Correlation Between AfriTin Mining and First
Can any of the company-specific risk be diversified away by investing in both AfriTin Mining and First at the same time? Although using a correlation coefficient on its own may not help to predict future stock returns, this module helps to understand the diversifiable risk of combining AfriTin Mining and First into the same portfolio, which is an essential part of the fundamental portfolio management process.
By analyzing existing cross correlation between AfriTin Mining and First Class Metals, you can compare the effects of market volatilities on AfriTin Mining and First and check how they will diversify away market risk if combined in the same portfolio for a given time horizon. You can also utilize pair trading strategies of matching a long position in AfriTin Mining with a short position of First. Check out your portfolio center. Please also check ongoing floating volatility patterns of AfriTin Mining and First.

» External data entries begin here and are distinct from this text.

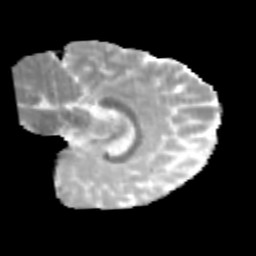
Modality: MD
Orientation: sagittal
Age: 10
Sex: male
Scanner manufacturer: siemens
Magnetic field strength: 3 T
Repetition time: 3.8 s
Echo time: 0.07 s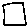
Label: square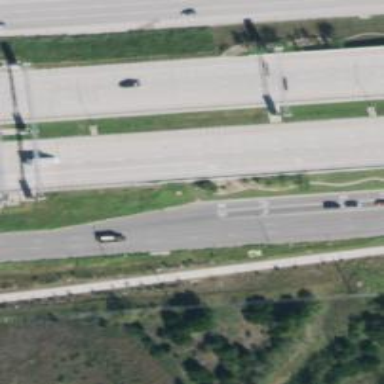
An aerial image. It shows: Secondary road with frontage road alongside.

Diversification Opportunities for AfriTin Mining and First
0.19 | Correlation Coefficient |
Average diversification
The 3 months correlation between AfriTin and First is 0.19. Overlapping area represents the amount of risk that can be diversified away by holding AfriTin Mining and First Class Metals in the same portfolio, assuming nothing else is changed. The correlation between historical prices or returns on First Class Metals and AfriTin Mining is a relative statistical measure of the degree to which these equity instruments tend to move together. The correlation coefficient measures the extent to which returns on AfriTin Mining are associated (or correlated) with First. Values of the correlation coefficient range from -1 to +1, where. The correlation of zero (0) is possible when the price movement of First Class Metals has no effect on the direction of AfriTin Mining i.e., AfriTin Mining and First go up and down completely randomly.
Pair Corralation between AfriTin Mining and First
Assuming the 90 days trading horizon AfriTin Mining is expected to generate 1.14 times more return on investment than First. However, AfriTin Mining is 1.14 times more volatile than First Class Metals. It trades about 0.0 of its potential returns per unit of risk. First Class Metals is currently generating about -0.18 per unit of risk. If you would invest 230.00 in AfriTin Mining on October 26, 2024 and sell it today you would lose (7.00) from holding AfriTin Mining or give up 3.04% of portfolio value over 90 days.
Time Period | 3 Months [change] |
Direction | Moves Together |
Strength | Insignificant |
Accuracy | 100.0% |
Values | Daily Returns |
AfriTin Mining vs. First Class Metals
Performance |
Timeline |
AfriTin Mining |
First Class Metals |
AfriTin Mining and First Volatility Contrast
Predicted Return Density |
Returns |
Pair Trading with AfriTin Mining and First
The main advantage of trading using opposite AfriTin Mining and First positions is that it hedges away some unsystematic risk. Because of two separate transactions, even if AfriTin Mining position performs unexpectedly, First can make up some of the losses. Pair trading also minimizes risk from directional movements in the market. For example, if an entire industry or sector drops because of unexpected headlines, the short position in First will offset losses from the drop in First's long position.AfriTin Mining vs. Concurrent Technologies Plc | AfriTin Mining vs. JPMorgan Japanese Investment | AfriTin Mining vs. Edinburgh Investment Trust | AfriTin Mining vs. SMA Solar Technology |
Check out your portfolio center.Note that this page's information should be used as a complementary analysis to find the right mix of equity instruments to add to your existing portfolios or create a brand new portfolio. You can also try the Content Syndication module to quickly integrate customizable finance content to your own investment portal.